# Part 1- Introduction to Python

This tutorial assumes you have some experience with programming langauges and ideally have a little bit of knowledge of python. Nonetheless we will starting by revising the basic constructs of the python language.

![Python Logo](https://www.python.org/static/community_logos/python-logo-master-v3-TM.png)

There are a lot of excellent resources on the internet for learning python. This short series of tutorials condenses the most important parts for data analysis. For a more in depth understanding of python, exploring these exellent tutorials is recommended:

* Software Carpentry https://swcarpentry.github.io/python-novice-inflammation/index.html
* DataCamp https://www.datacamp.com/courses/intro-to-python-for-data-science


Python is an interpreted langauge, which means that you can run code interactively, unlike a compiled language (e.g. C++, Julia, Fortran) where you have to build your application into machine code and then run it.Your code runs in an interpreter environment, which inprets the code into instructions for the machine you are running on. This means that most of the time, your python code can run on many different environments so long a  python inerpreter is installed.

Another key concept of the python language is whitespace (that is space characters), which are used to divide your program into blocks of code in various ways. Unlike other languages where a character like a semicolon (;) denotes the end of a line, here the indentation of the code denotes the betginning and end of blocks of code.

We will now go through the basic language block constructs and their syntax. To start with lets look at some basic statements.

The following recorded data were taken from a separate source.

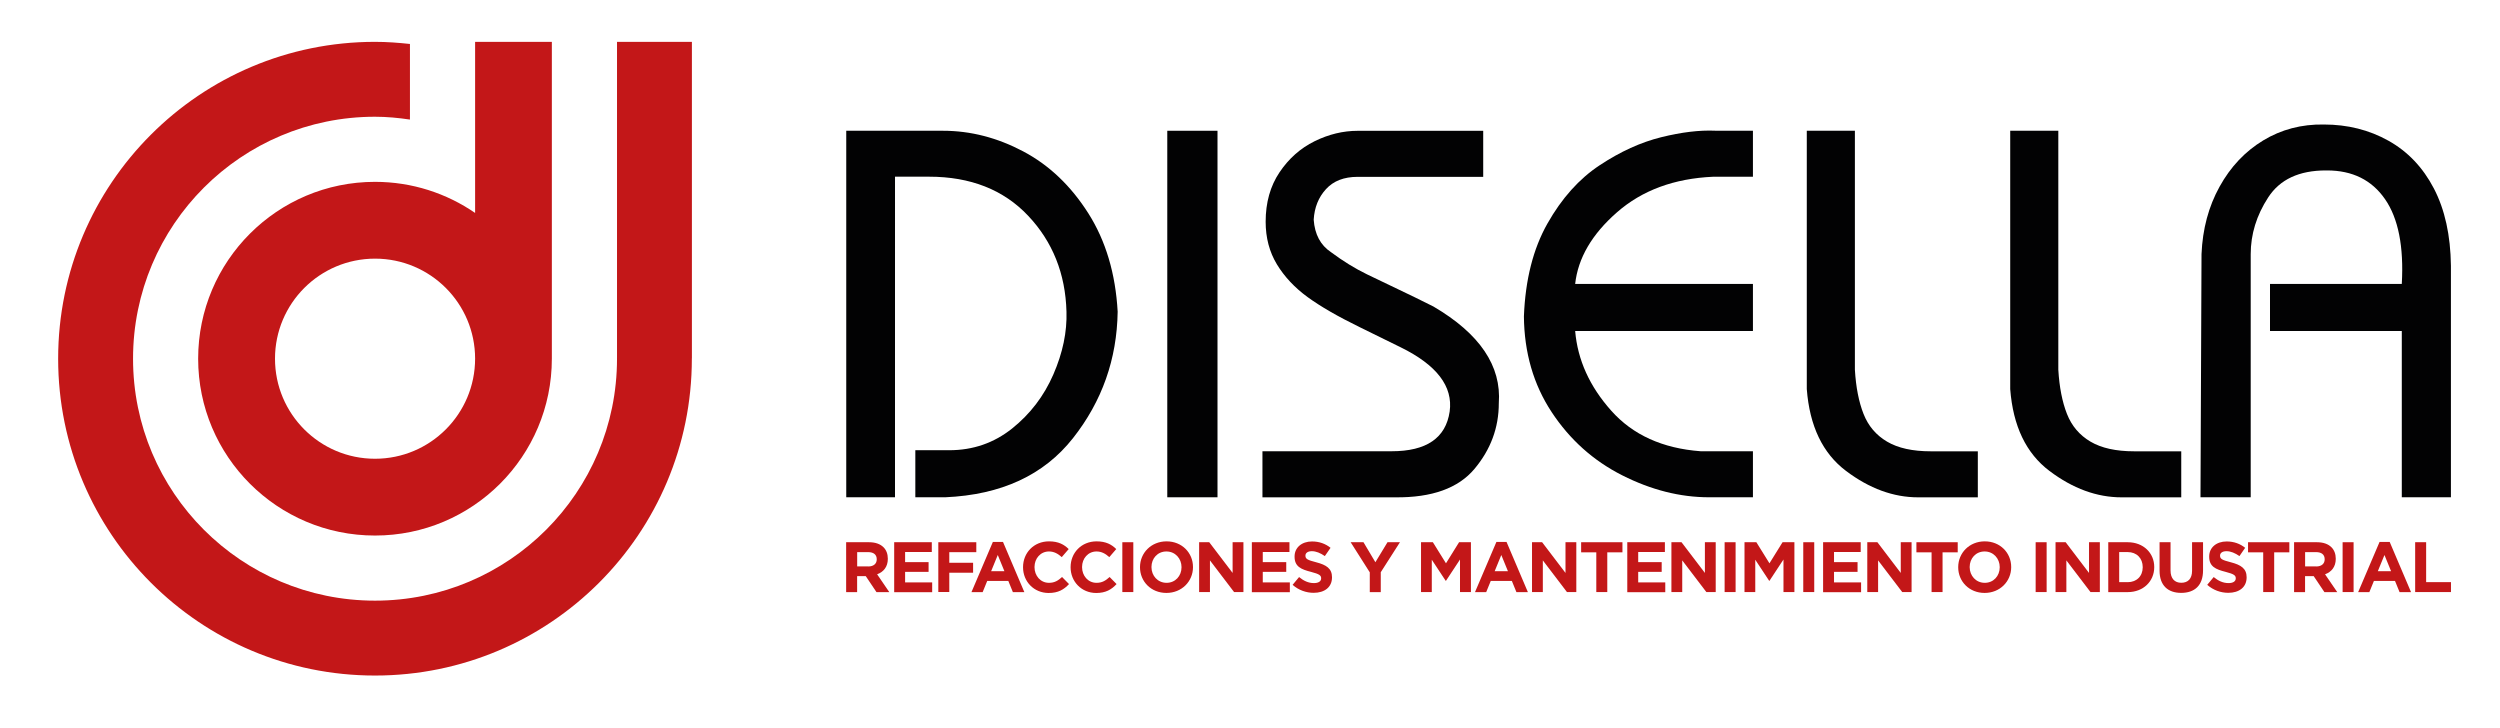 <?xml version="1.0" encoding="utf-8"?>
<!-- Generator: Adobe Illustrator 25.4.1, SVG Export Plug-In . SVG Version: 6.00 Build 0)  -->
<svg version="1.1" id="Capa_1" xmlns="http://www.w3.org/2000/svg" xmlns:xlink="http://www.w3.org/1999/xlink" x="0px" y="0px"
	 viewBox="0 0 460 134" style="enable-background:new 0 0 460 134;" xml:space="preserve">
<style type="text/css">
	.st0{fill:#C31718;}
	.st1{fill:#020203;}
</style>
<g>
	<path class="st0" d="M69,33.46c-17.97,0-32.54,14.57-32.54,32.54c0,17.97,14.57,32.54,32.54,32.54c17.97,0,32.54-14.57,32.54-32.54
		c0-0.05,0-0.1,0-0.15h0V35.68c0,0,0,0,0,0V17.62c0,0,0,0,0,0V7.7H87.42v31.48C82.18,35.58,75.84,33.46,69,33.46z M69,84.41
		C58.84,84.41,50.6,76.17,50.6,66c0-10.17,8.24-18.41,18.41-18.41c10.17,0,18.41,8.24,18.41,18.41C87.41,76.17,79.17,84.41,69,84.41
		z"/>
	<path class="st0" d="M127.31,65.85L127.31,65.85l0-58.15h-13.78v20.7c0,0,0,0,0,0v37.45h-0.01c0,0.05,0.01,0.1,0.01,0.15
		c0,24.59-19.93,44.52-44.53,44.52c-24.59,0-44.52-19.93-44.52-44.52c0-24.59,19.93-44.52,44.52-44.52c2.19,0,4.32,0.21,6.43,0.52
		V8.09c-2.11-0.23-4.25-0.39-6.43-0.39C36.8,7.7,10.7,33.8,10.7,66c0,32.2,26.1,58.3,58.3,58.3s58.3-26.1,58.3-58.3
		C127.31,65.95,127.31,65.9,127.31,65.85z"/>
</g>
<g>
	<g>
		<path class="st1" d="M155.71,91.5V24.06h17.8c5.07,0,9.99,1.27,14.77,3.8c4.78,2.53,8.77,6.34,11.98,11.4
			c3.21,5.07,5,11.1,5.39,18.09c-0.13,8.72-2.87,16.49-8.23,23.28c-5.36,6.8-13.2,10.42-23.52,10.87h-5.48v-8.66h6.25
			c4.36,0,8.21-1.33,11.55-3.99c3.33-2.66,5.87-5.98,7.6-9.96c1.73-3.98,2.53-7.83,2.41-11.55c-0.19-6.99-2.55-12.88-7.07-17.66
			c-4.52-4.78-10.6-7.17-18.23-7.17h-6.25V91.5H155.71z"/>
		<path class="st1" d="M214.78,91.5V24.06h9.24V91.5H214.78z"/>
		<path class="st1" d="M232.29,83.03h23.77c6.41,0,9.97-2.44,10.68-7.31c0.64-4.62-2.37-8.56-9.04-11.83
			c-1.03-0.51-3.55-1.75-7.55-3.71c-4.01-1.96-7.2-3.8-9.57-5.53c-2.37-1.73-4.25-3.74-5.63-6.01c-1.38-2.28-2.07-4.89-2.07-7.84
			c0-3.53,0.85-6.56,2.55-9.09c1.7-2.53,3.85-4.44,6.45-5.72c2.6-1.28,5.24-1.92,7.94-1.92h23.09v8.47H249.8
			c-2.5,0-4.44,0.75-5.82,2.26c-1.38,1.51-2.13,3.38-2.26,5.63c0.19,2.69,1.25,4.68,3.17,5.96c2.24,1.67,4.46,3.03,6.64,4.09
			c2.18,1.06,4.15,2.01,5.92,2.84c1.77,0.83,3.86,1.86,6.3,3.08c8.53,5,12.54,10.94,12.03,17.8c0,4.49-1.49,8.51-4.47,12.07
			c-2.98,3.56-7.84,5.31-14.58,5.24h-24.44V83.03z"/>
		<path class="st1" d="M280.4,58.21c0.26-6.74,1.7-12.43,4.33-17.08c2.63-4.65,5.83-8.23,9.62-10.73c3.78-2.5,7.55-4.22,11.3-5.15
			c3.75-0.93,7.07-1.33,9.96-1.2h6.93v8.47h-7.31c-7.18,0.32-13.09,2.5-17.7,6.54c-4.62,4.04-7.18,8.43-7.7,13.18h32.71v8.66h-32.71
			c0.45,5.32,2.66,10.21,6.64,14.67c3.97,4.46,9.46,6.94,16.45,7.46h9.62v8.47h-8.08c-5.32,0-10.65-1.35-15.97-4.04
			c-5.32-2.69-9.65-6.57-12.99-11.64C282.16,70.75,280.46,64.88,280.4,58.21z"/>
		<path class="st1" d="M332.45,24.06h8.85v43.97c0.19,3.21,0.72,5.92,1.59,8.13c0.87,2.21,2.31,3.91,4.33,5.1
			c2.02,1.19,4.7,1.78,8.04,1.78h8.66v8.47h-10.97c-4.56,0-8.98-1.62-13.28-4.86c-4.3-3.24-6.7-8.26-7.22-15.06V24.06z"/>
		<path class="st1" d="M369.88,24.06h8.85v43.97c0.19,3.21,0.72,5.92,1.59,8.13c0.87,2.21,2.31,3.91,4.33,5.1
			c2.02,1.19,4.7,1.78,8.04,1.78h8.66v8.47h-10.97c-4.56,0-8.98-1.62-13.28-4.86c-4.3-3.24-6.7-8.26-7.22-15.06V24.06z"/>
		<path class="st1" d="M404.89,91.5l0.19-44.74c0.19-4.62,1.3-8.76,3.32-12.41c2.02-3.66,4.7-6.49,8.03-8.51
			c3.33-2.02,7.06-3,11.16-2.93c4.36,0,8.32,0.99,11.88,2.98c3.56,1.99,6.35,4.92,8.37,8.8c2.02,3.88,3.06,8.61,3.13,14.19V91.5
			h-9.04V60.9h-24.25v-8.66h24.25c0.39-6.86-0.64-12.06-3.08-15.59c-2.44-3.53-6-5.29-10.68-5.29h-0.19
			c-4.94,0-8.48,1.65-10.63,4.96c-2.15,3.3-3.22,6.78-3.22,10.44V91.5H404.89z"/>
	</g>
	<g>
		<path class="st0" d="M155.71,99.77h4.19c1.17,0,2.07,0.33,2.67,0.93c0.51,0.51,0.79,1.23,0.79,2.1v0.03c0,1.48-0.8,2.41-1.97,2.84
			l2.24,3.28h-2.36l-1.97-2.94h-1.59v2.94h-2.02V99.77z M159.77,104.23c0.98,0,1.55-0.52,1.55-1.3v-0.03c0-0.87-0.6-1.31-1.59-1.31
			h-2.01v2.63H159.77z"/>
		<path class="st0" d="M164.53,99.77h6.92v1.8h-4.91v1.86h4.32v1.8h-4.32v1.93h4.98v1.8h-6.99V99.77z"/>
		<path class="st0" d="M172.65,99.77h6.99v1.83h-4.97v1.95h4.38v1.83h-4.38v3.55h-2.02V99.77z"/>
		<path class="st0" d="M182.69,99.71h1.86l3.93,9.24h-2.11l-0.84-2.06h-3.88l-0.84,2.06h-2.06L182.69,99.71z M184.81,105.1
			l-1.22-2.98l-1.22,2.98H184.81z"/>
		<path class="st0" d="M188.24,104.38v-0.03c0-2.61,1.97-4.74,4.78-4.74c1.73,0,2.77,0.58,3.62,1.42l-1.28,1.48
			c-0.71-0.64-1.43-1.04-2.35-1.04c-1.55,0-2.66,1.28-2.66,2.86v0.03c0,1.57,1.09,2.88,2.66,2.88c1.05,0,1.69-0.42,2.41-1.07
			l1.28,1.3c-0.94,1.01-1.99,1.64-3.76,1.64C190.25,109.1,188.24,107.02,188.24,104.38z"/>
		<path class="st0" d="M196.99,104.38v-0.03c0-2.61,1.97-4.74,4.78-4.74c1.73,0,2.77,0.58,3.62,1.42l-1.28,1.48
			c-0.71-0.64-1.43-1.04-2.35-1.04c-1.55,0-2.66,1.28-2.66,2.86v0.03c0,1.57,1.09,2.88,2.66,2.88c1.05,0,1.69-0.42,2.41-1.07
			l1.28,1.3c-0.94,1.01-1.99,1.64-3.76,1.64C199,109.1,196.99,107.02,196.99,104.38z"/>
		<path class="st0" d="M206.51,99.77h2.02v9.17h-2.02V99.77z"/>
		<path class="st0" d="M209.76,104.38v-0.03c0-2.61,2.06-4.74,4.89-4.74c2.83,0,4.86,2.11,4.86,4.72v0.03
			c0,2.61-2.06,4.74-4.89,4.74C211.79,109.1,209.76,106.99,209.76,104.38z M217.4,104.38v-0.03c0-1.57-1.15-2.88-2.78-2.88
			c-1.63,0-2.75,1.28-2.75,2.86v0.03c0,1.57,1.15,2.88,2.78,2.88C216.27,107.24,217.4,105.96,217.4,104.38z"/>
		<path class="st0" d="M220.64,99.77h1.86l4.3,5.65v-5.65h1.99v9.17h-1.72l-4.44-5.83v5.83h-1.99V99.77z"/>
		<path class="st0" d="M230.34,99.77h6.92v1.8h-4.91v1.86h4.32v1.8h-4.32v1.93h4.98v1.8h-6.99V99.77z"/>
		<path class="st0" d="M237.84,107.61l1.19-1.43c0.83,0.68,1.69,1.11,2.74,1.11c0.83,0,1.32-0.33,1.32-0.86v-0.03
			c0-0.51-0.31-0.77-1.85-1.17c-1.85-0.47-3.04-0.98-3.04-2.8v-0.03c0-1.66,1.34-2.77,3.21-2.77c1.34,0,2.48,0.42,3.41,1.17
			l-1.05,1.52c-0.81-0.56-1.61-0.9-2.39-0.9c-0.77,0-1.18,0.35-1.18,0.8v0.03c0,0.6,0.39,0.8,1.98,1.21
			c1.86,0.48,2.91,1.15,2.91,2.75v0.03c0,1.82-1.39,2.84-3.37,2.84C240.34,109.08,238.94,108.59,237.84,107.61z"/>
		<path class="st0" d="M252.05,105.33l-3.53-5.56h2.36l2.19,3.68l2.23-3.68h2.29l-3.53,5.52v3.66h-2.02V105.33z"/>
		<path class="st0" d="M261.47,99.77h2.18l2.41,3.88l2.41-3.88h2.18v9.17h-2.01v-5.99l-2.58,3.92h-0.05l-2.56-3.88v5.95h-1.98V99.77
			z"/>
		<path class="st0" d="M275.34,99.71h1.86l3.93,9.24h-2.11l-0.84-2.06h-3.88l-0.84,2.06h-2.06L275.34,99.71z M277.46,105.1
			l-1.22-2.98l-1.22,2.98H277.46z"/>
		<path class="st0" d="M281.89,99.77h1.86l4.3,5.65v-5.65h1.99v9.17h-1.72l-4.44-5.83v5.83h-1.99V99.77z"/>
		<path class="st0" d="M293.72,101.63h-2.79v-1.86h7.6v1.86h-2.79v7.31h-2.02V101.63z"/>
		<path class="st0" d="M299.42,99.77h6.92v1.8h-4.91v1.86h4.32v1.8h-4.32v1.93h4.98v1.8h-6.99V99.77z"/>
		<path class="st0" d="M307.54,99.77h1.86l4.3,5.65v-5.65h1.99v9.17h-1.72l-4.44-5.83v5.83h-1.99V99.77z"/>
		<path class="st0" d="M317.33,99.77h2.02v9.17h-2.02V99.77z"/>
		<path class="st0" d="M320.99,99.77h2.18l2.41,3.88l2.41-3.88h2.18v9.17h-2.01v-5.99l-2.58,3.92h-0.05l-2.56-3.88v5.95h-1.98V99.77
			z"/>
		<path class="st0" d="M331.8,99.77h2.02v9.17h-2.02V99.77z"/>
		<path class="st0" d="M335.45,99.77h6.92v1.8h-4.91v1.86h4.33v1.8h-4.33v1.93h4.98v1.8h-6.99V99.77z"/>
		<path class="st0" d="M343.58,99.77h1.86l4.3,5.65v-5.65h1.99v9.17h-1.72l-4.44-5.83v5.83h-1.99V99.77z"/>
		<path class="st0" d="M355.41,101.63h-2.79v-1.86h7.6v1.86h-2.79v7.31h-2.02V101.63z"/>
		<path class="st0" d="M360.31,104.38v-0.03c0-2.61,2.06-4.74,4.89-4.74c2.83,0,4.86,2.11,4.86,4.72v0.03
			c0,2.61-2.06,4.74-4.89,4.74C362.34,109.1,360.31,106.99,360.31,104.38z M367.95,104.38v-0.03c0-1.57-1.15-2.88-2.78-2.88
			s-2.75,1.28-2.75,2.86v0.03c0,1.57,1.15,2.88,2.78,2.88C366.82,107.24,367.95,105.96,367.95,104.38z"/>
		<path class="st0" d="M374.56,99.77h2.02v9.17h-2.02V99.77z"/>
		<path class="st0" d="M378.22,99.77h1.86l4.3,5.65v-5.65h1.99v9.17h-1.72l-4.44-5.83v5.83h-1.99V99.77z"/>
		<path class="st0" d="M387.92,99.77h3.58c2.88,0,4.88,1.98,4.88,4.56v0.03c0,2.58-1.99,4.59-4.88,4.59h-3.58V99.77z M391.49,107.12
			c1.65,0,2.77-1.11,2.77-2.74v-0.03c0-1.63-1.11-2.77-2.77-2.77h-1.56v5.53H391.49z"/>
		<path class="st0" d="M397.36,105.01v-5.24h2.02v5.19c0,1.49,0.75,2.27,1.98,2.27c1.23,0,1.98-0.75,1.98-2.2v-5.26h2.02v5.18
			c0,2.78-1.56,4.14-4.02,4.14S397.36,107.71,397.36,105.01z"/>
		<path class="st0" d="M406.13,107.61l1.19-1.43c0.83,0.68,1.69,1.11,2.74,1.11c0.83,0,1.32-0.33,1.32-0.86v-0.03
			c0-0.51-0.31-0.77-1.85-1.17c-1.85-0.47-3.04-0.98-3.04-2.8v-0.03c0-1.66,1.34-2.77,3.21-2.77c1.34,0,2.48,0.42,3.41,1.17
			l-1.05,1.52c-0.81-0.56-1.61-0.9-2.39-0.9c-0.77,0-1.18,0.35-1.18,0.8v0.03c0,0.6,0.39,0.8,1.98,1.21
			c1.86,0.48,2.91,1.15,2.91,2.75v0.03c0,1.82-1.39,2.84-3.37,2.84C408.63,109.08,407.23,108.59,406.13,107.61z"/>
		<path class="st0" d="M416.43,101.63h-2.79v-1.86h7.6v1.86h-2.79v7.31h-2.02V101.63z"/>
		<path class="st0" d="M422.13,99.77h4.19c1.17,0,2.07,0.33,2.67,0.93c0.51,0.51,0.79,1.23,0.79,2.1v0.03c0,1.48-0.8,2.41-1.97,2.84
			l2.24,3.28h-2.36l-1.97-2.94h-1.59v2.94h-2.02V99.77z M426.19,104.23c0.98,0,1.55-0.52,1.55-1.3v-0.03c0-0.87-0.6-1.31-1.59-1.31
			h-2.01v2.63H426.19z"/>
		<path class="st0" d="M431.04,99.77h2.02v9.17h-2.02V99.77z"/>
		<path class="st0" d="M437.84,99.71h1.86l3.93,9.24h-2.11l-0.84-2.06h-3.88l-0.84,2.06h-2.06L437.84,99.71z M439.96,105.1
			l-1.22-2.98l-1.22,2.98H439.96z"/>
		<path class="st0" d="M444.39,99.77h2.02v7.34h4.57v1.83h-6.59V99.77z"/>
	</g>
</g>
</svg>

Assign the result of some basic Maths to a variable

In [1]:
a = 3
b = 2
a_times_b = a * b
a_squared_plus_b = a ** 2 + b

In [2]:
threshold = 5 
result_above_threshold = a_times_b > threshold
result_above_threshold

True

### Strings

Python handles strings very easily. 

In [3]:
print('this is a string')

this is a string


A very useful command "format" allows you to easily mix in results you have calculated with your string. This shows 2 ways to call this command. You will the two resulting string are identical.

In [4]:
s1 = 'The results of a multipled by b is {result}'.format(result=a_times_b)
s2 = f'The results of a multipled by b is {a_times_b}'
print(s1)
print(s2)

The results of a multipled by b is 6
The results of a multipled by b is 6


### Conditional statements
Conditional statements are the part of a programming language that allow you to different things based on a certain condition e.g. the value of a variable.

In [5]:
if a_times_b > threshold:
    print(f'The result of {a_times_b} is greater than the threshold of {threshold}')
else:
    print(f'The result of {a_times_b} is less than the threshold of {threshold}')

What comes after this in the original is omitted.